This module describes how to configure Source Specific Multicast (SSM). The Source Specific Multicast feature is an extension of IP multicast where datagram traffic is forwarded to receivers from only those multicast sources to which the receivers have explicitly joined. For multicast groups configured for SSM, only source-specific multicast distribution trees (no shared trees) are created.

Finding Feature Information

Your software release may not support all the features documented in this module. For the latest caveats and feature information, see Bug Search Tool and the release notes for your platform and software release. To find information about the features documented in this module, and to see a list of the releases in which each feature is supported, see the feature information table.

Use Cisco Feature Navigator to find information about platform support and Cisco software image support. To access Cisco Feature Navigator, go to www.cisco.com/go/cfn. An account on Cisco.com is not required.

Restrictions for Source Specific Multicast

Legacy Applications Within the SSM Range Restrictions

Existing applications in a network predating SSM will not work within the SSM range unless they are modified to support (S, G) channel subscriptions or are enabled through URL Rendezvous Directory (URD). Therefore, enabling SSM in a network may cause problems for existing applications if they use addresses within the designated SSM range.

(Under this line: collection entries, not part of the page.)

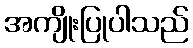
အကျိုးပြုပါသည်
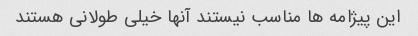
این پیژامه ها مناسب نیستند آنها خیلی طولانی هستند
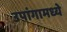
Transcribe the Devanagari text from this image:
उपांगामध्ये
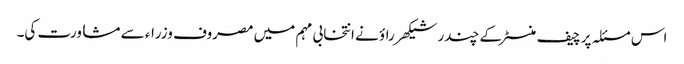
اس مسئلہ پر چیف منسٹر کے چندر شیکھر راؤ نے انتخابی مہم میں مصروف وزراء سے مشاورت کی۔
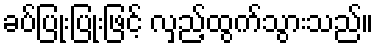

IGMP v3lite and URD Require a Cisco Last Hop Router

SSM and IGMPv3 are solutions that are being standardized in the IETF. However, IGMP v3lite and URD are Cisco-developed solutions. For IGMP v3lite and URD to operate properly for a host, the last hop router toward that host must be a Cisco router with IGMP v3lite or URD enabled.


Note

This limitation does not apply to an application using the Host Side IGMP Library (HSIL) if the host has kernel support for IGMPv3, because then the HSIL will use the kernel IGMPv3 instead of IGMP v3lite.

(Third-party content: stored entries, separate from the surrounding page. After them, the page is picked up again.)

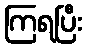
ကြရပြီး
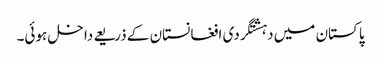
پاکستان میں دہشتگردی افغانستان کے ذریعے داخل ہوئی۔
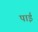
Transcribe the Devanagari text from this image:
पाईंं
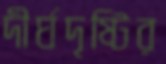
দীর্ঘদৃষ্টির

Address Management Restrictions

Address management is still necessary to some degree when SSM is used with Layer 2 switching mechanisms. Cisco Group Management Protocol (CGMP), IGMP snooping, or Router-Port Group Management Protocol (RGMP) currently support only group-specific filtering, not (S, G) channel-specific filtering. If different receivers in a switched network request different (S, G) channels sharing the same group, then they will not benefit from these existing mechanisms. Instead, both receivers will receive all (S, G) channel traffic (and filter out the unwanted traffic on input). Because of the ability of SSM to reuse the group addresses in the SSM range for many independent applications, this situation can lead to less than expected traffic filtering in a switched network. For this reason it is important to follow the recommendations set forth in the IETF drafts for SSM to use random IP addresses out of the SSM range for an application to minimize the chance for reuse of a single address within the SSM range between different applications. For example, an application service providing a set of television channels should, even with SSM, use a different group for each television (S, G) channel. This setup will guarantee that multiple receivers to different channels within the same application service will never experience traffic aliasing in networks that include Layer 2 switches.

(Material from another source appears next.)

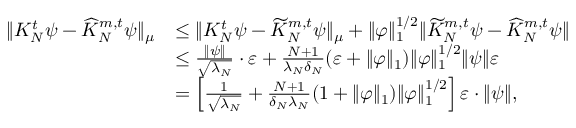
\begin{array} { r l } { \| K _ { N } ^ { t } \psi - \widehat K _ { N } ^ { m , t } \psi \| _ { \mu } } & { \le \| K _ { N } ^ { t } \psi - \widetilde K _ { N } ^ { m , t } \psi \| _ { \mu } + \| \varphi \| _ { 1 } ^ { 1 / 2 } \| \widetilde K _ { N } ^ { m , t } \psi - \widehat K _ { N } ^ { m , t } \psi \| } \\ & { \le \frac { \| \psi \| } { \sqrt { \lambda _ { N } } } \cdot \varepsilon + \frac { N + 1 } { \lambda _ { N } \delta _ { N } } ( \varepsilon + \| \varphi \| _ { 1 } ) \| \varphi \| _ { 1 } ^ { 1 / 2 } \| \psi \| \varepsilon } \\ & { = \left[ \frac 1 { \sqrt { \lambda _ { N } } } + \frac { N + 1 } { \delta _ { N } \lambda _ { N } } ( 1 + \| \varphi \| _ { 1 } ) \| \varphi \| _ { 1 } ^ { 1 / 2 } \right] \varepsilon \cdot \| \psi \| , } \end{array}

IGMP Snooping and CGMP Limitations

IGMPv3 uses new membership report messages that may not be recognized correctly by older IGMP Snooping switches, in which case hosts will not properly receive traffic. This situation is not an issue if URD or IGMP v3lite is used with hosts where the operating system is not upgraded for IGMPv3, because IGMP v3lite and URD rely only on IGMPv1 or IGMPv2 membership reports.

URD Intercept URL Limitations

A URD intercept URL string must be fewer than 256 bytes in length, starting from the / path argument. In the HTTP/TCP connection, this string must also be contained within a single TCP/IP packet. For example, for a 256-byte string, a link maximum transmission unit (MTU) of 128 bytes between the host and intercepting router would cause incorrect operation of URD.

State Maintenance Limitations

In PIM-SSM, the last hop router will continue to periodically send (S, G) join messages if appropriate (S, G) subscriptions are on the interfaces. Therefore, as long as receivers send (S, G) subscriptions, the shortest path tree (SPT) state from the receivers to the source will be maintained, even if the source is not sending traffic for longer periods of time (or even never).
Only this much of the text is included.